WHAT TO WORK ON –
I'd like the data beneath this line reproduced exactly, without any of its images.

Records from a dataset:

-------

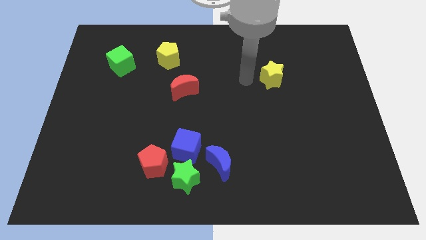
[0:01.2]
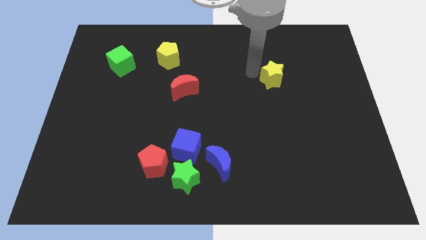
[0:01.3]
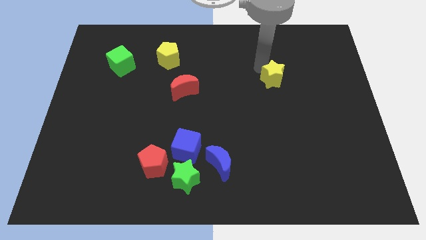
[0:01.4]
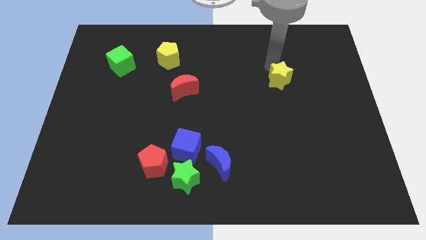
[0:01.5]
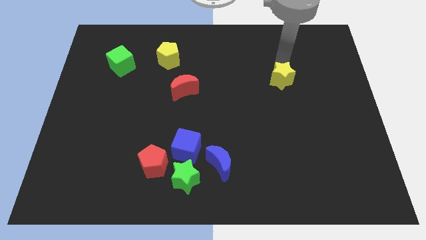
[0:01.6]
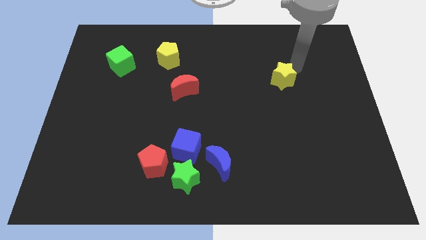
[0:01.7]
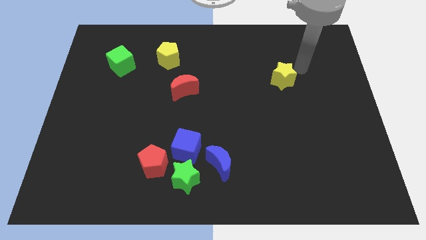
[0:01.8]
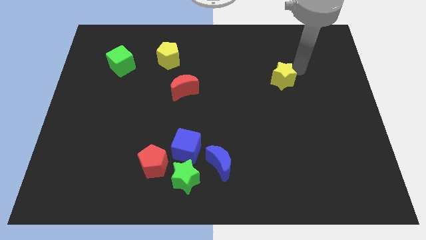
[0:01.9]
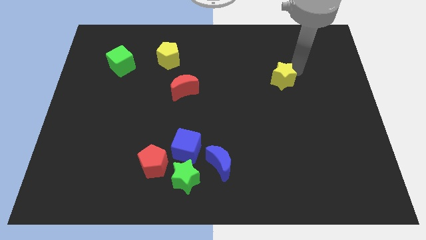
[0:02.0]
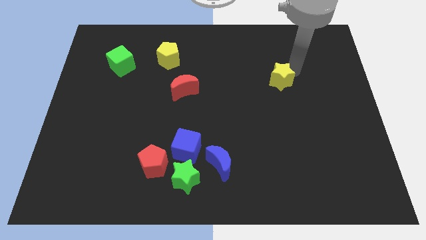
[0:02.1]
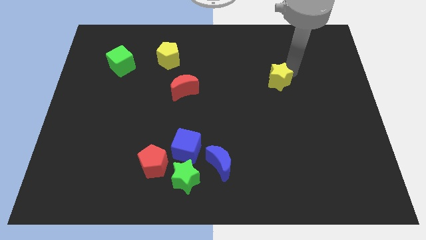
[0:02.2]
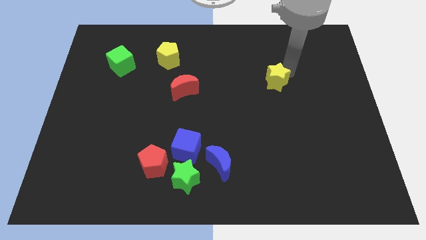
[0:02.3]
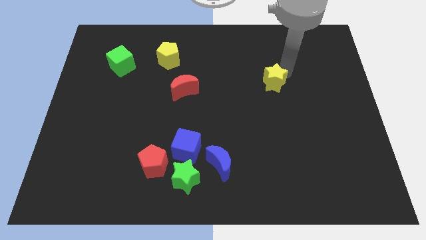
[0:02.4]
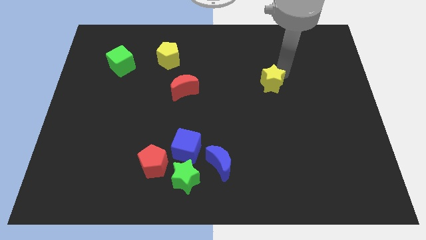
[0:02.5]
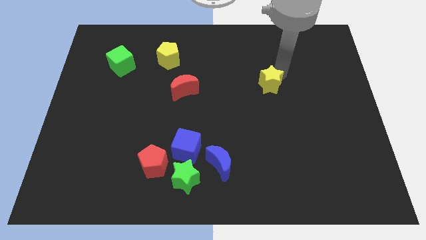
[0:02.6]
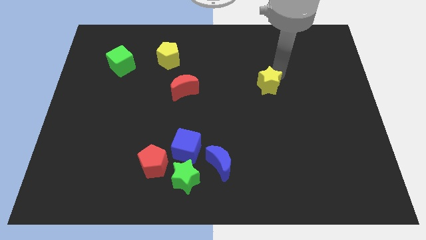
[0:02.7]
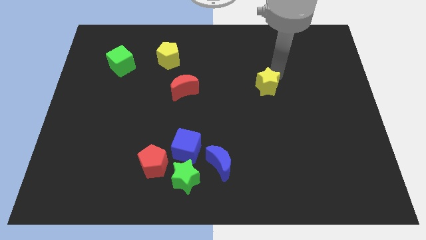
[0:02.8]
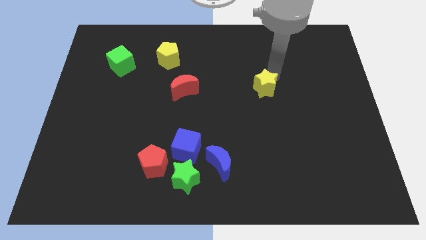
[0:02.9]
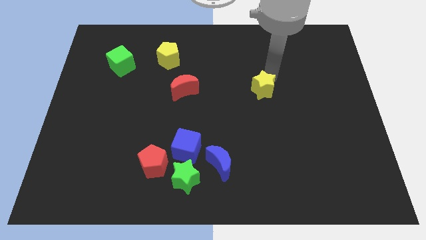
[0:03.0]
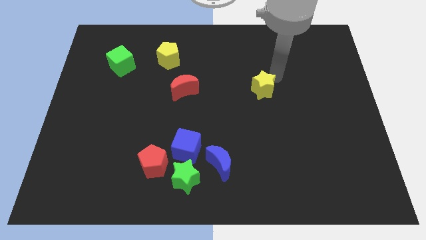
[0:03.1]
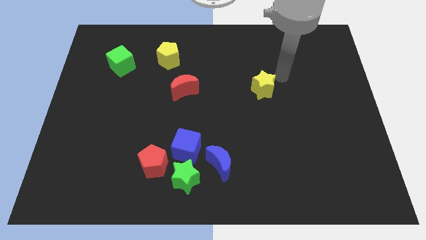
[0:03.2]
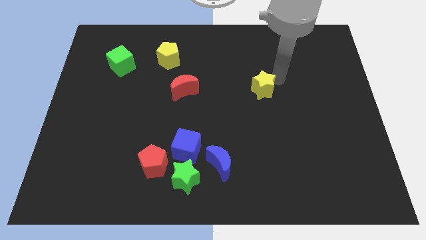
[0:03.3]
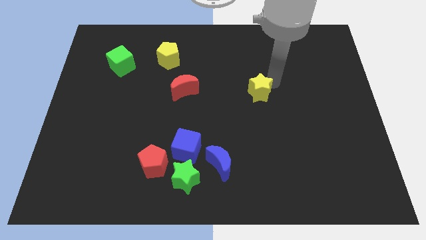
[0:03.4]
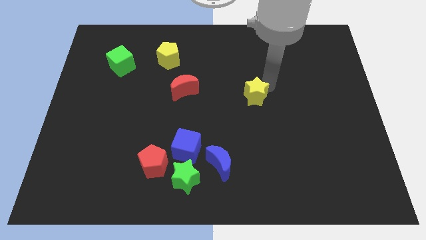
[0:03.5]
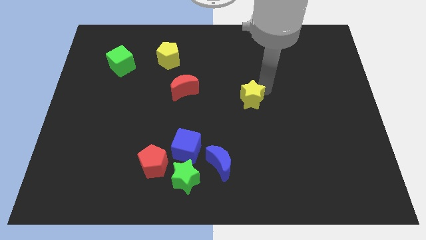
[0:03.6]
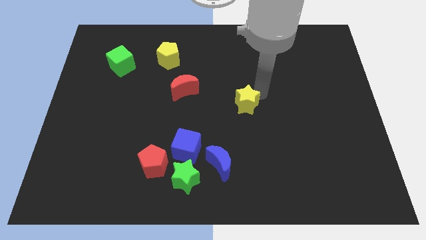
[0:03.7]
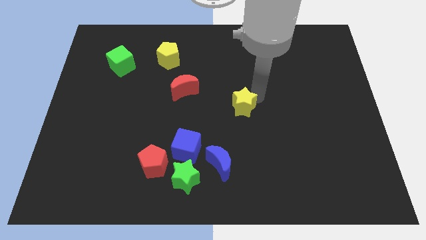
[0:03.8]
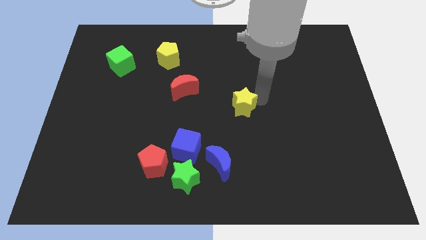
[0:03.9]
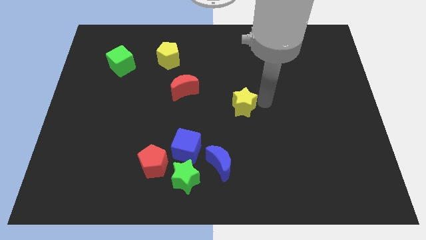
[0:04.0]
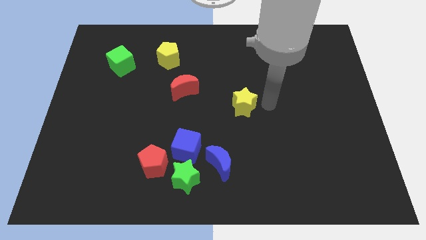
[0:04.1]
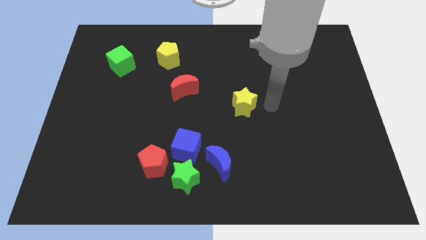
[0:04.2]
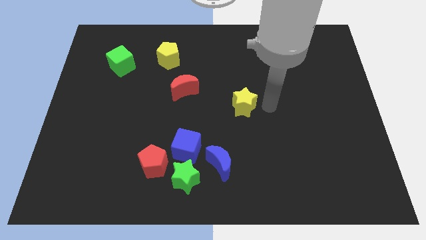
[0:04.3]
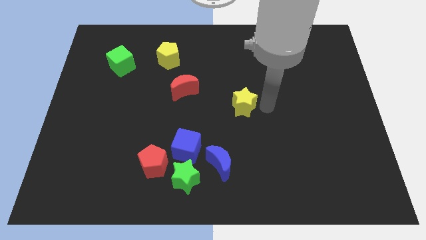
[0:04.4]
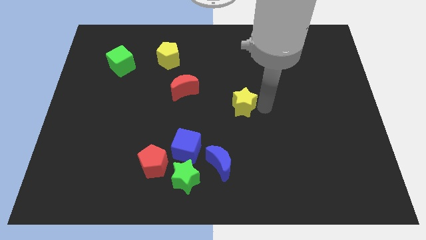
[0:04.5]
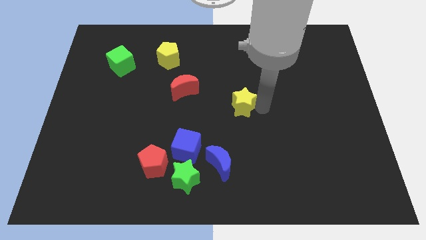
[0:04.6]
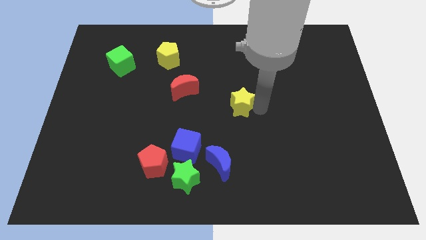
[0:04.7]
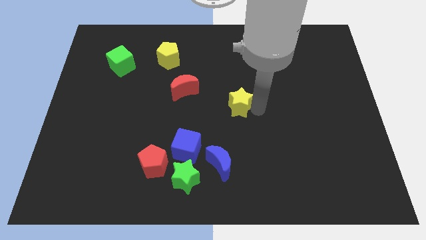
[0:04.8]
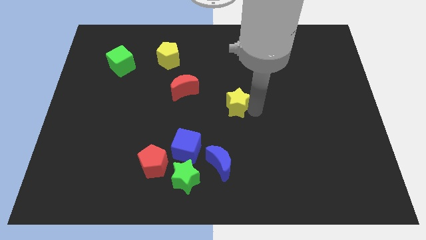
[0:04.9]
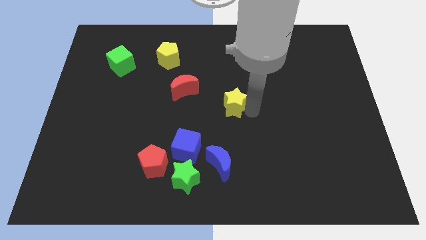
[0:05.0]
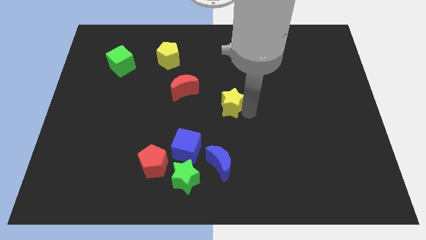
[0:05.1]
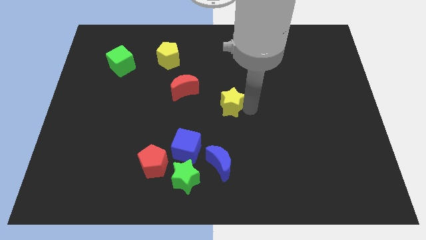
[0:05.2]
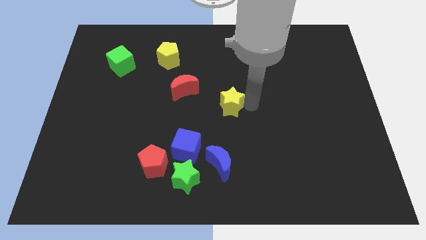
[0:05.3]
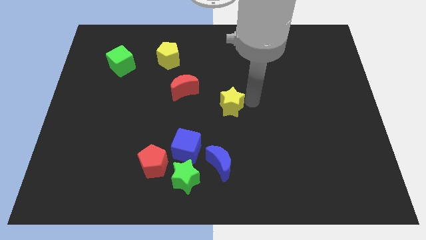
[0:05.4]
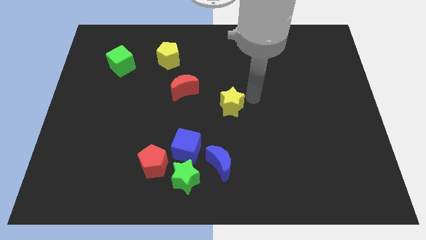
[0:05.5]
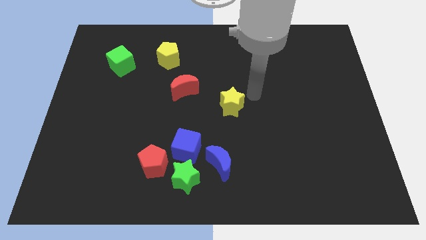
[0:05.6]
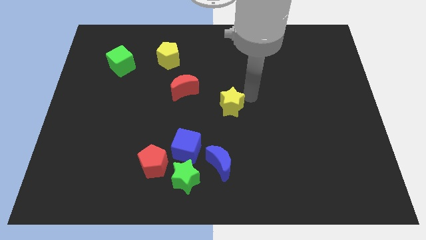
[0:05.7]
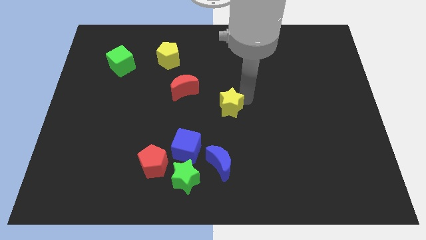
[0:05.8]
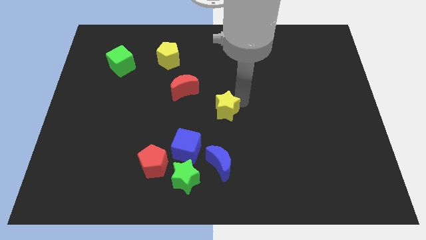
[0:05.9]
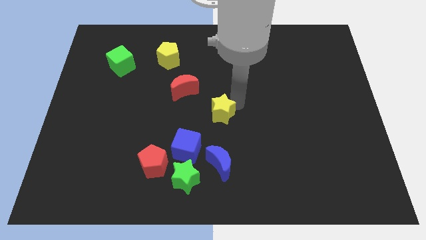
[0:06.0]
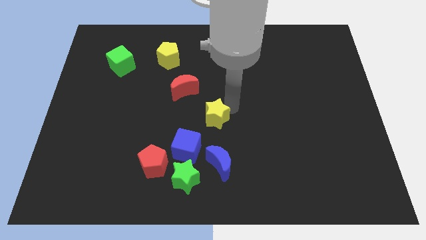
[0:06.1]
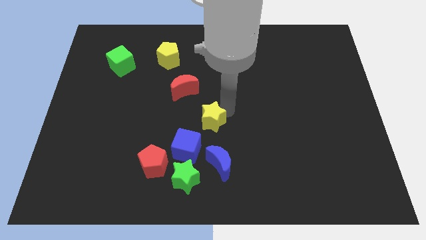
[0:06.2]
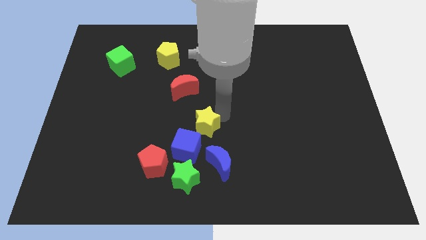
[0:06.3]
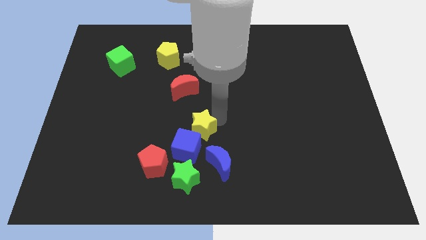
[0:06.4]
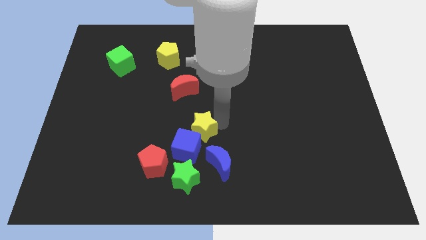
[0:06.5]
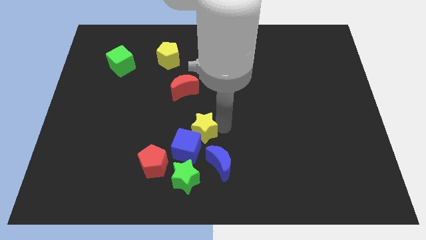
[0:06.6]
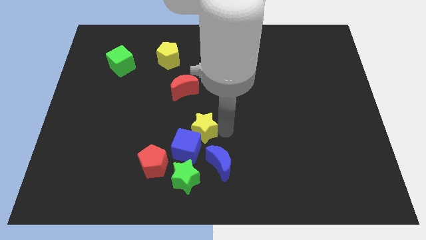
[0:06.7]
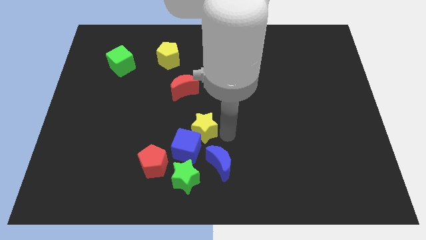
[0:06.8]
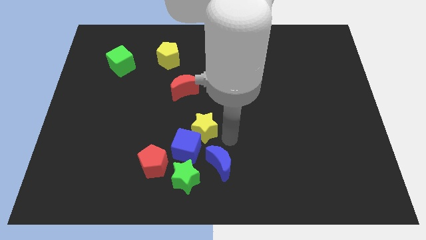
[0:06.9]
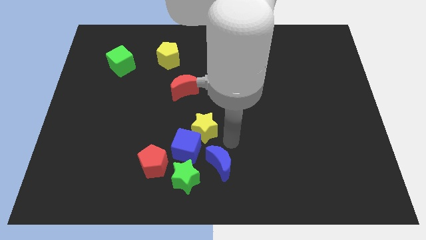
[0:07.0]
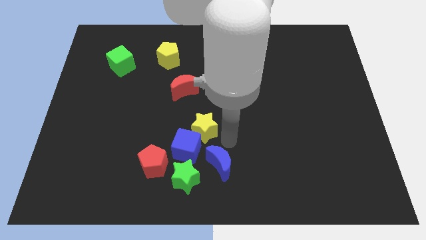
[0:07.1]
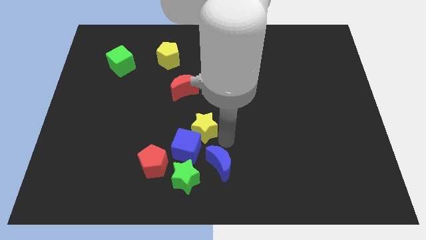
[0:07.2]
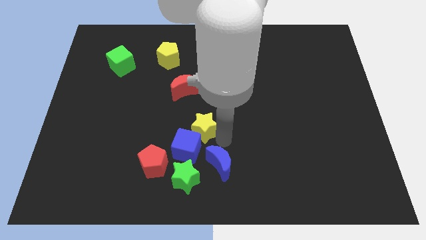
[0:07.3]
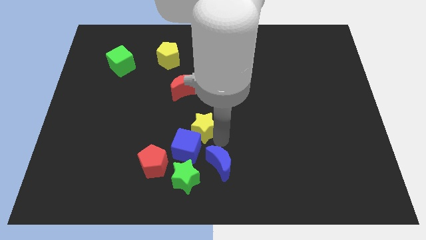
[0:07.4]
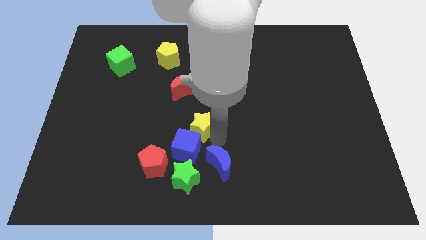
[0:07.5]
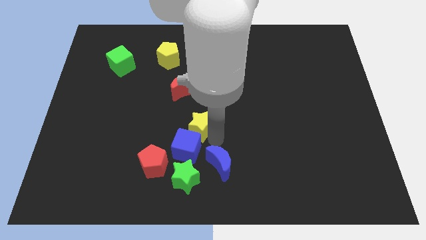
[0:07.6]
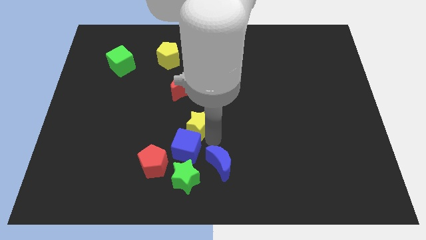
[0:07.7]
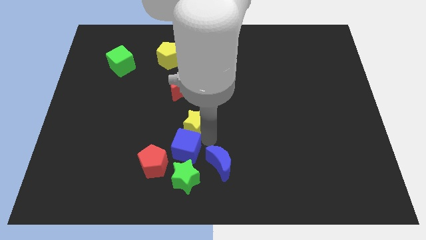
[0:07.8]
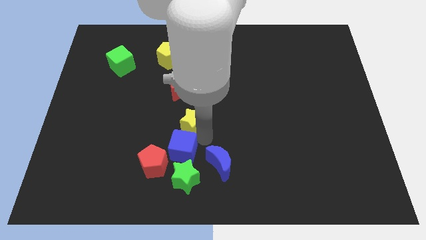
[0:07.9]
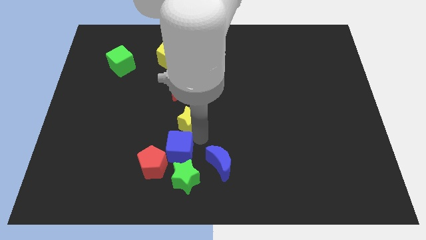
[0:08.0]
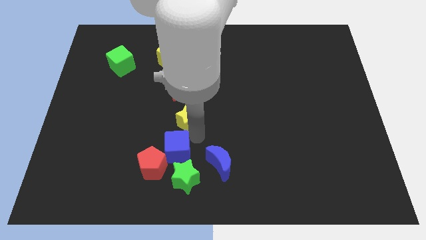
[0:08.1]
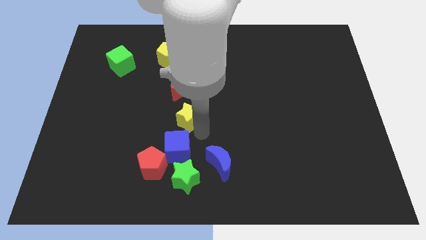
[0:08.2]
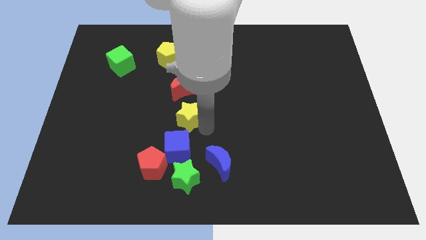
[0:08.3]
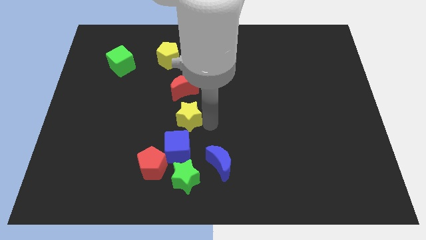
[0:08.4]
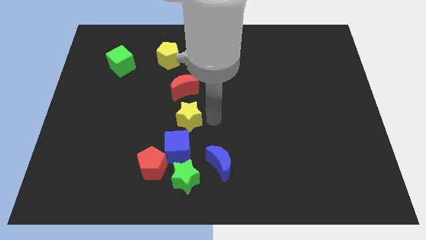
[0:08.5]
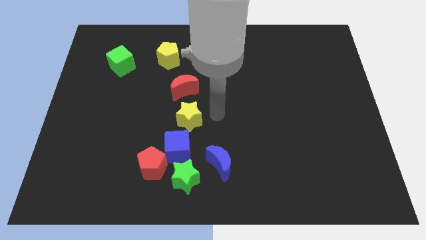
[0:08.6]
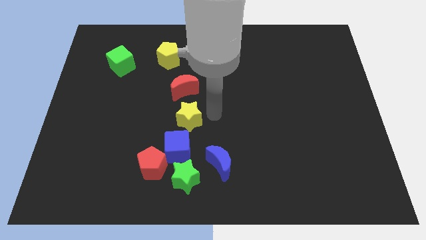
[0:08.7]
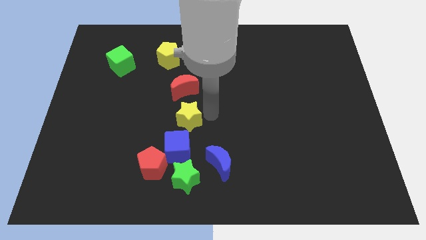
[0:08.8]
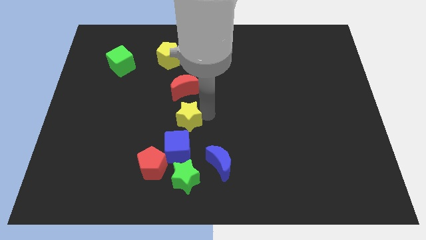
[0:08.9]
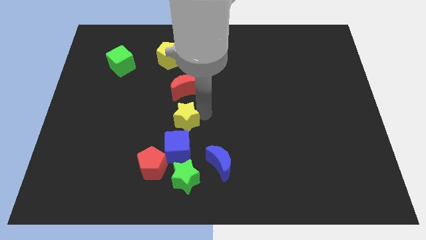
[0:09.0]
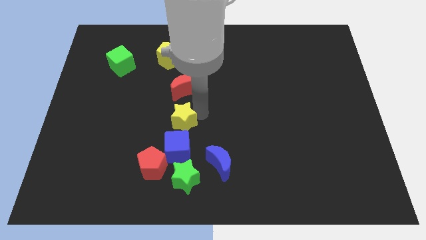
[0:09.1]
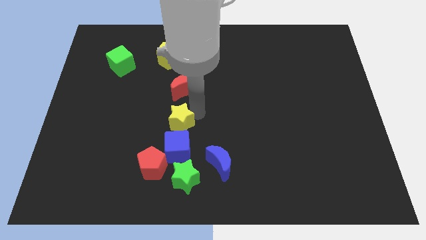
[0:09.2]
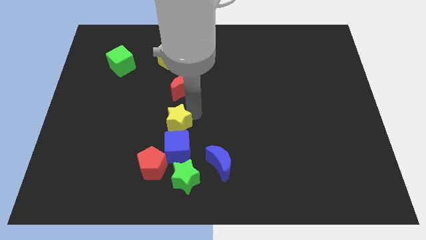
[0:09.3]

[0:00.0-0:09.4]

-------

ANSWER FOR THE TASK –
[0:01.2]
[0:01.3]
[0:01.4]
[0:01.5]
[0:01.6]
[0:01.7]
[0:01.8]
[0:01.9]
[0:02.0]
[0:02.1]
[0:02.2]
[0:02.3]
[0:02.4]
[0:02.5]
[0:02.6]
[0:02.7]
[0:02.8]
[0:02.9]
[0:03.0]
[0:03.1]
[0:03.2]
[0:03.3]
[0:03.4]
[0:03.5]
[0:03.6]
[0:03.7]
[0:03.8]
[0:03.9]
[0:04.0]
[0:04.1]
[0:04.2]
[0:04.3]
[0:04.4]
[0:04.5]
[0:04.6]
[0:04.7]
[0:04.8]
[0:04.9]
[0:05.0]
[0:05.1]
[0:05.2]
[0:05.3]
[0:05.4]
[0:05.5]
[0:05.6]
[0:05.7]
[0:05.8]
[0:05.9]
[0:06.0]
[0:06.1]
[0:06.2]
[0:06.3]
[0:06.4]
[0:06.5]
[0:06.6]
[0:06.7]
[0:06.8]
[0:06.9]
[0:07.0]
[0:07.1]
[0:07.2]
[0:07.3]
[0:07.4]
[0:07.5]
[0:07.6]
[0:07.7]
[0:07.8]
[0:07.9]
[0:08.0]
[0:08.1]
[0:08.2]
[0:08.3]
[0:08.4]
[0:08.5]
[0:08.6]
[0:08.7]
[0:08.8]
[0:08.9]
[0:09.0]
[0:09.1]
[0:09.2]
[0:09.3]

[0:00.0-0:09.4]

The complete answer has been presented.